- Utworzony
Jedenasty
W godzinach rannych, w okolicach śniadania, pomyślałem o Aleksandrze Kwaśniewskim. O prezydencie niepodległej Polski, któremu dopiero prawomocny wyrok sądowy uświadomił (?!), że - wbrew temu co głosił (nie tylko podczas zwycięskiej kampanii wyborczej) wraz ze swymi akolitami - ma wcale nie wyższe, a jedynie średnie wykształcenie. Owszem, sam się zdziwiłem, skąd myśl taka przybyła do mej głowy.
Tym bardziej, że za oknami ani nie łopotały czerwone sztandary, ani nie transmitowano akurat wystąpienia Leszka Millera na wiecu pierwszomajowym, zaś w uruchomionej nieco wcześniej poczcie emaliowej pojawiły się aktualne pytanie, na które korespondenci oczekiwali pilnych odpowiedzi. Skąd więc myśl o panu Kwaśniewskim? Ki czort!

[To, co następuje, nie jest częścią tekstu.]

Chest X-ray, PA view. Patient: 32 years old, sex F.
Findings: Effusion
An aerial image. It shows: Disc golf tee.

Tymczasem korespondent publicznego radia mówił, że w Moskwie trwa pochód pierwszomajowy. Niewykluczone, że z czerwonymi chorągiewkami ( moja wyobraźnia) maszerowali uczniowie moskiewskich podstawówek. Jak my kiedyś. Rzeczywiście? Otóż – nie, zebrałem myśli. W czasach 7.letniej jeszcze szkoły podstawowej (taka jeszcze była) po południu 30 kwietnia organizowano dla nas tzw. capstrzyki. Wszyscy uczniowie (obowiązkowo w harcerskich mundurkach?) maszerowali pod magistrat w rytm werbli (chyba nawet dwa razy sam byłem werblistą, co nie przeszkodziło w utrzymaniu marszu przez kolumnę, chociaż niewiele brakowało do zmylenia kroku), gdzie odbywał się jak gdyby apel ku czci wiadomo czyjej. A raczej widomym nam było, kogo mamy uczcić. Nie tylko zresztą u nas, w Sosnowcu.

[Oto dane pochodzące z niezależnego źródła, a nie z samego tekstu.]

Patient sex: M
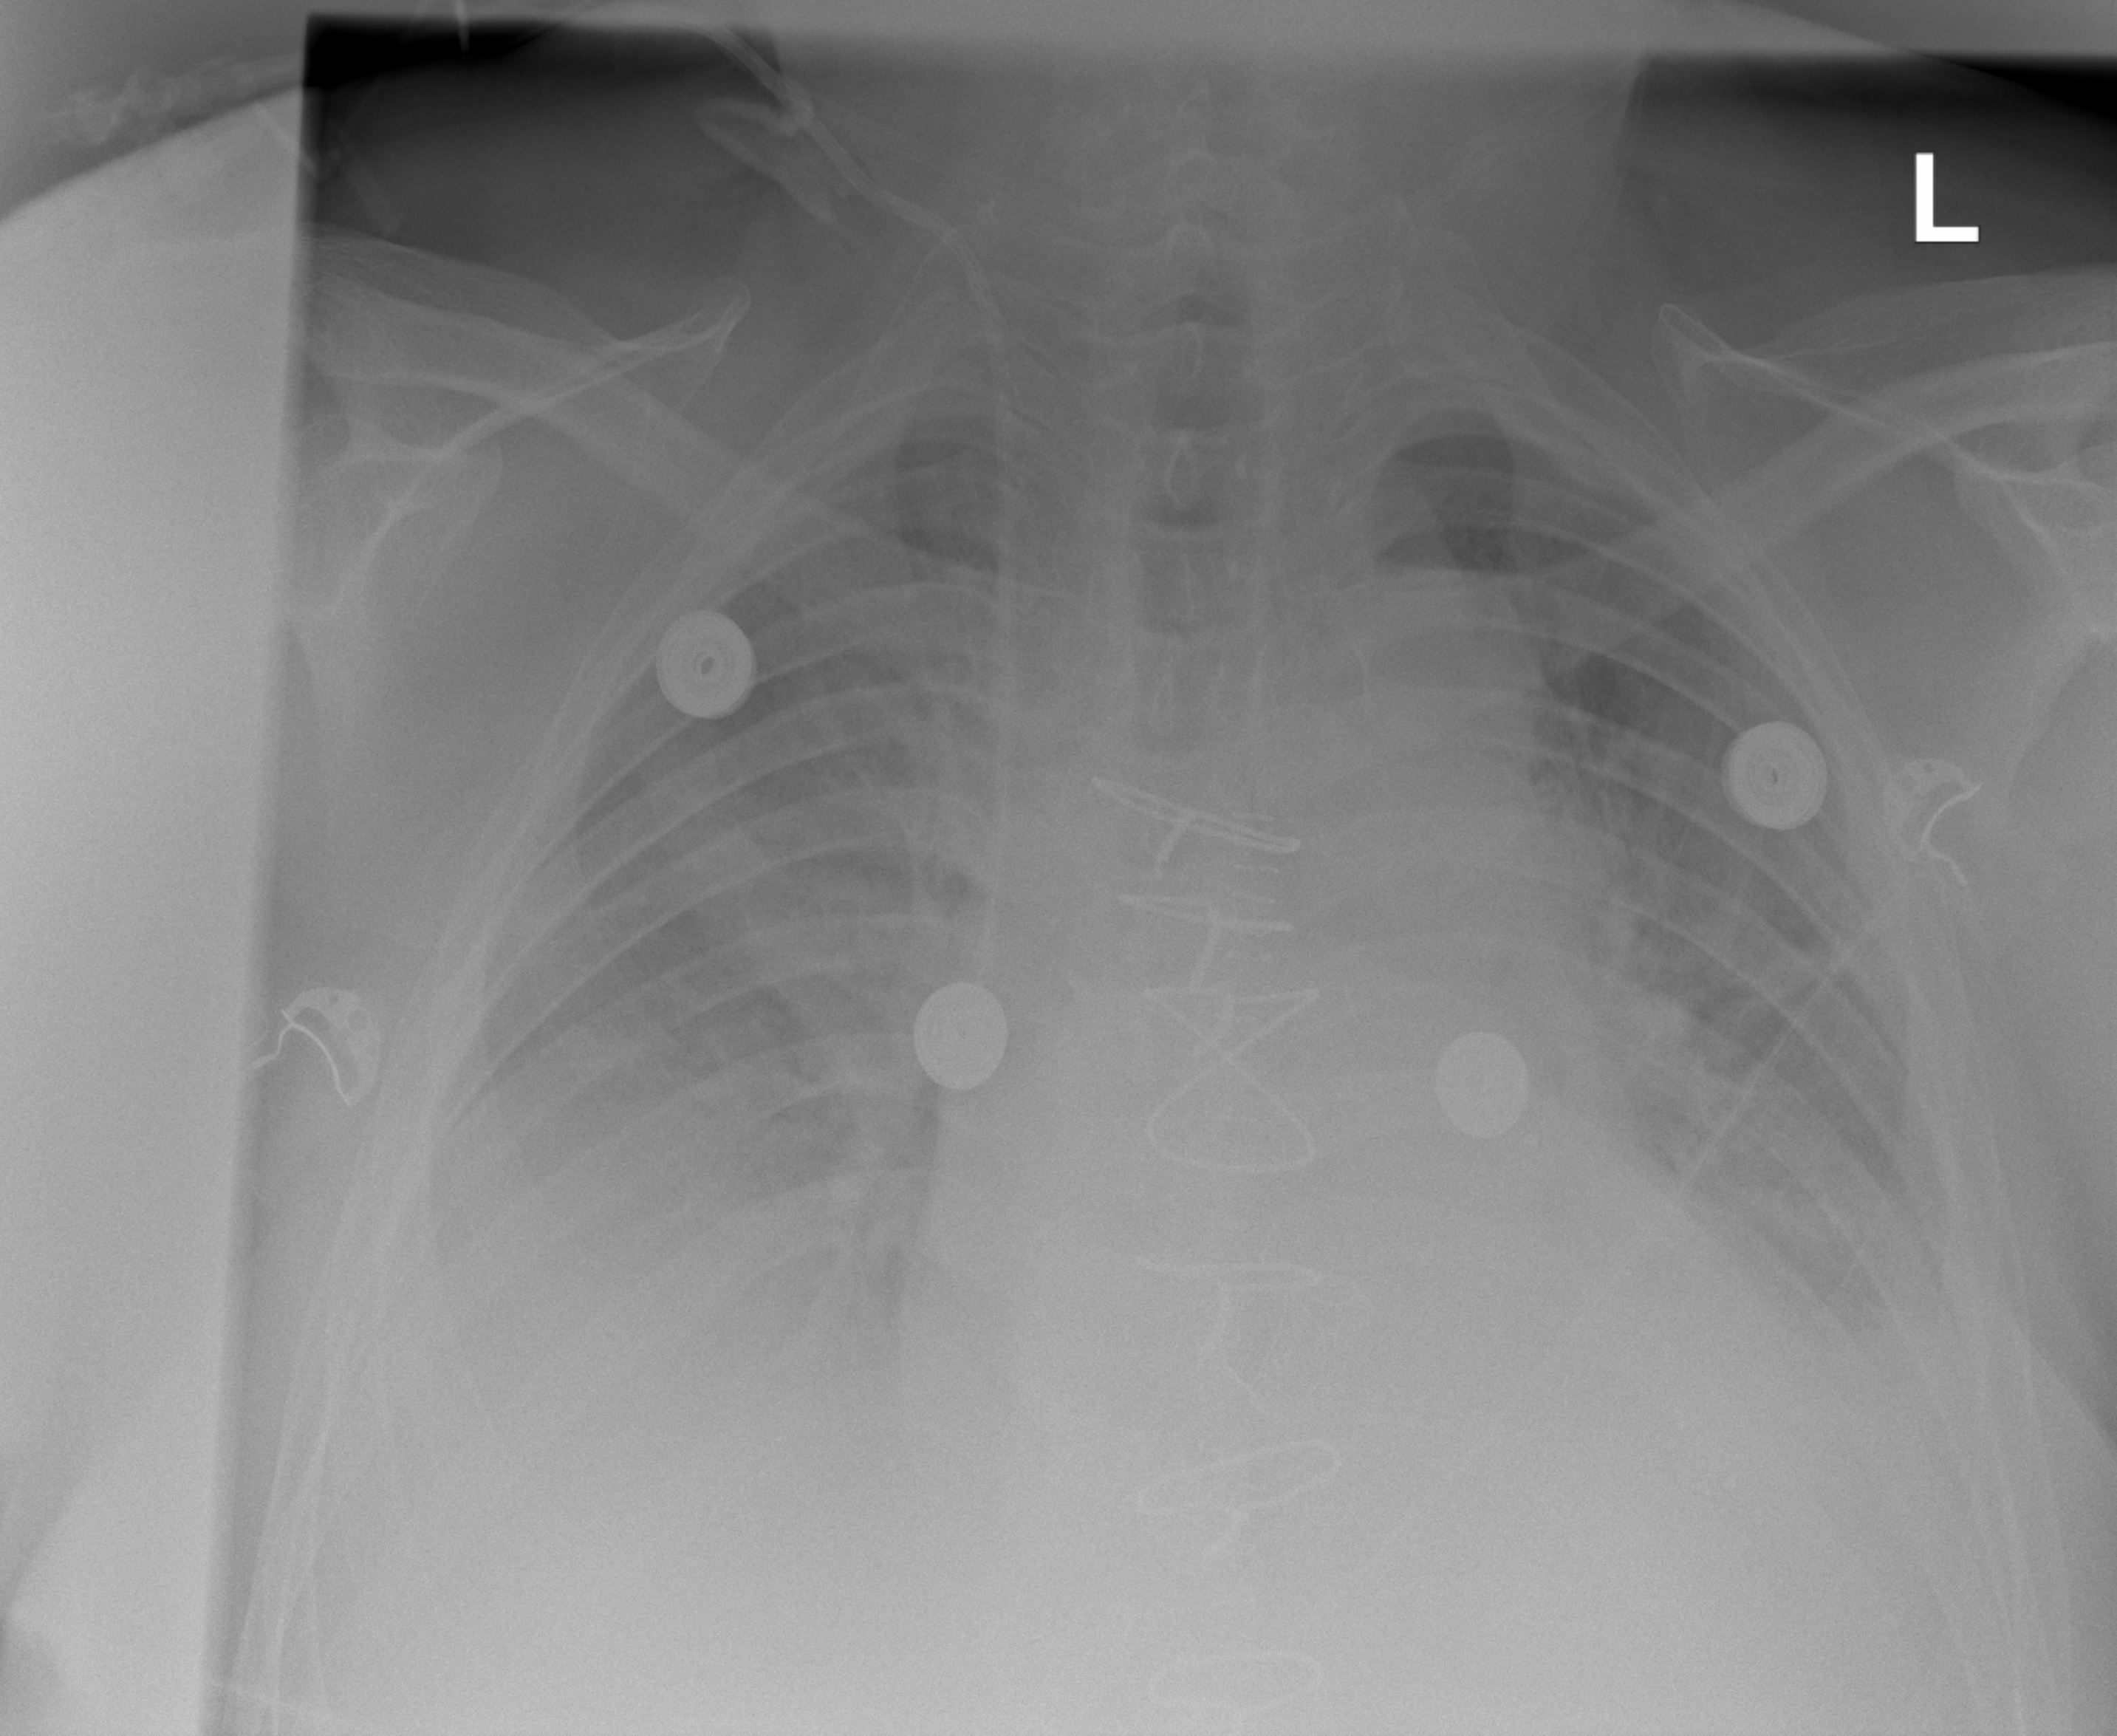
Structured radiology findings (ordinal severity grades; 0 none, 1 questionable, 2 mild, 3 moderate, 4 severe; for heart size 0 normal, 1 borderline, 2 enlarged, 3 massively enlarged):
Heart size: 1
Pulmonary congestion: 2
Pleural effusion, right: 3
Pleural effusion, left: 3
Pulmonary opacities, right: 1
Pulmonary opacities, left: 2
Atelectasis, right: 2
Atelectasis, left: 2

Zagłębie Dąbrowskie, choćby ze względu na rewolucje 1905 roku i powstanie wspomnianej już Republiki Zagłębiowskiej, jest jednak miejscem szczególnym. Tutaj niejako dziedziczyło się (dziedziczy się?) ideę nieuchronności walki klasowej, a więc powstania „wyklętego ludu ziemi” aby „ruszyć bryłę świat”. Poprzedzające nas pokolenia swoją codzienną robotą wchodziły w bolesny kontakt z konkretem. W większości należeli do „tych, których dręczy głód”. Nie wirtualny, wówczas nawet nie znano tego określenia, ale rzeczywisty. Toteż idee „religii” postulującej raj na ziemi już jutro (pamiętajmy, że do roboty w kopalniach i hutach przybywali tutaj także biedacy z pobliskich, przede wszystkim kieleckich wsi), a najdalej pojutrze musiały wzbudzać nadzieje. Spełzły jednak, gdy najpierw wtargnęli Niemcy w hitlerowskich mundurach, potem sowieci i ich namiestnicy. Mimo, że ci drudzy nastali z „Międzynarodówką”. Przynajmniej na ustach.
Po 45 latach w pozbawionej idei postdemokracji wzbudzono tęsknotę do PRL-u (stąd myśl o Kwaśniewskim?). Że była praca, że był rozwój, że było wprawdzie biednie, ale przynajmniej wesoło. Choćby w porównaniu z takim NRD, czy z Rumunią… Że o ponurym Związku Radzieckim nie wspominając. Było to tak samo prawdziwe, jak wychowywanie przez jedynie słuszny system edukacji nas, ówcześnie dzieci i młodzieży w dumie (za przeproszeniem znaczenia słowa) z osiągnięć Polski Ludowej w porównaniu z II Rzeczpospolitą. Ba! Indoktrynowano nas, że dane nam zostało wzrastać w najlepszym w całej historii Polski okresie odrodzenia, a na dodatek oświecenia, socjalistycznego do tego. Zaś kto nie wierzy (przecież nie Kwaśniewski!), to kiep, a w istocie wróg.
Z byłym, nie znającym poziomu swojego wykształcenia, prezydentem łączy mnie jedynie to, że obaj byliśmy w 1980 roku dziennikarzami. On „ITD”, ja „Sportu”. A jednak „odwiedził” mnie 1 maja. Dziwne?